The Model 39 "Eihandgranate", M39 or Eierhandgranate 39 ("egg hand grenade") was a German fragmentation hand grenade introduced in 1939 and produced until the end of World War II.

Description 
The Eihandgranate were issued to the Fallschirmjäger from early till the end of the war. The grenade used the same fuse assembly (the BZE 39) as the Model 43 Stielhandgranate ("Stick Grenade"), which was screwed into the top of the sheet-metal body.

To activate, the dome-shaped cap was unscrewed and pulled with a coiled pull-cord that is pulled before throwing. The color of the cap indicated the burning time of the type of fuze fitted. Typically, a delay of around four seconds was used. It could also be used in place of the bottom side screw cap on the "Stielhandgranate" stick grenades.
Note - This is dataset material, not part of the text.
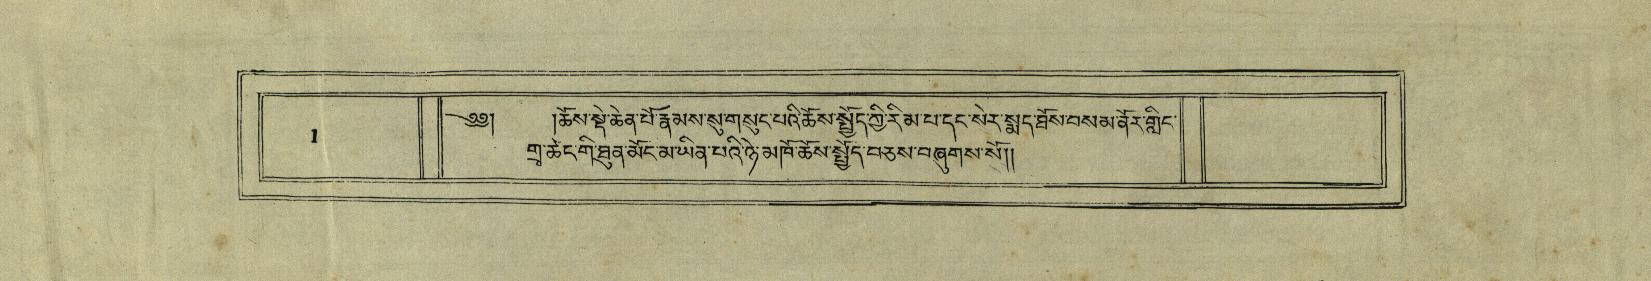༄༅། །ཆོས་སྡེ་ཆེན་པོ་རྣམས་སུ་གསུང་པའི་ཆོས་སྤྱོད་ཀྱི་རིམ་པ་དང་སེར་སྨད་ཐོས་བསམ་ནོར་གླིང་
གྲྭ་ཚང་གི་ཐུན་མོང་མ་ཡིན་པའི་ཉེ་མཁོ་ཆོས་སྤྱོད་བཅས་བཞུགས་སོ།།

If it was to be used as a fixed booby-trap then an instantaneous or one-second fuse would be fitted. Sometimes, this style of grenade would be discarded in plain view for the enemy to use, particularly on the Eastern Front and in the Western Front. They were used in France as part of Erwin Rommel's asparagus. Obstacles, such as wooden poles, were used to hinder airborne landings, which could tear the wings of gliders and also kill the soldiers inside as these poles were connected with wires to either these grenades or S-mines (Bouncing Betty) against paratroopers. Later in Italy they would also be used as booby traps to slow down Allied advances on the Italian peninsula, in ambushes or in street fighting and as traps for the Italian Partisans when they raided German supplies and weapon caches. Another type of trap was to wire a short-fuse grenade to a door-frame in an abandoned building with the pull-cord attached to the door. When the door was breached by opposing troops the grenade would detonate right next to the enemy. 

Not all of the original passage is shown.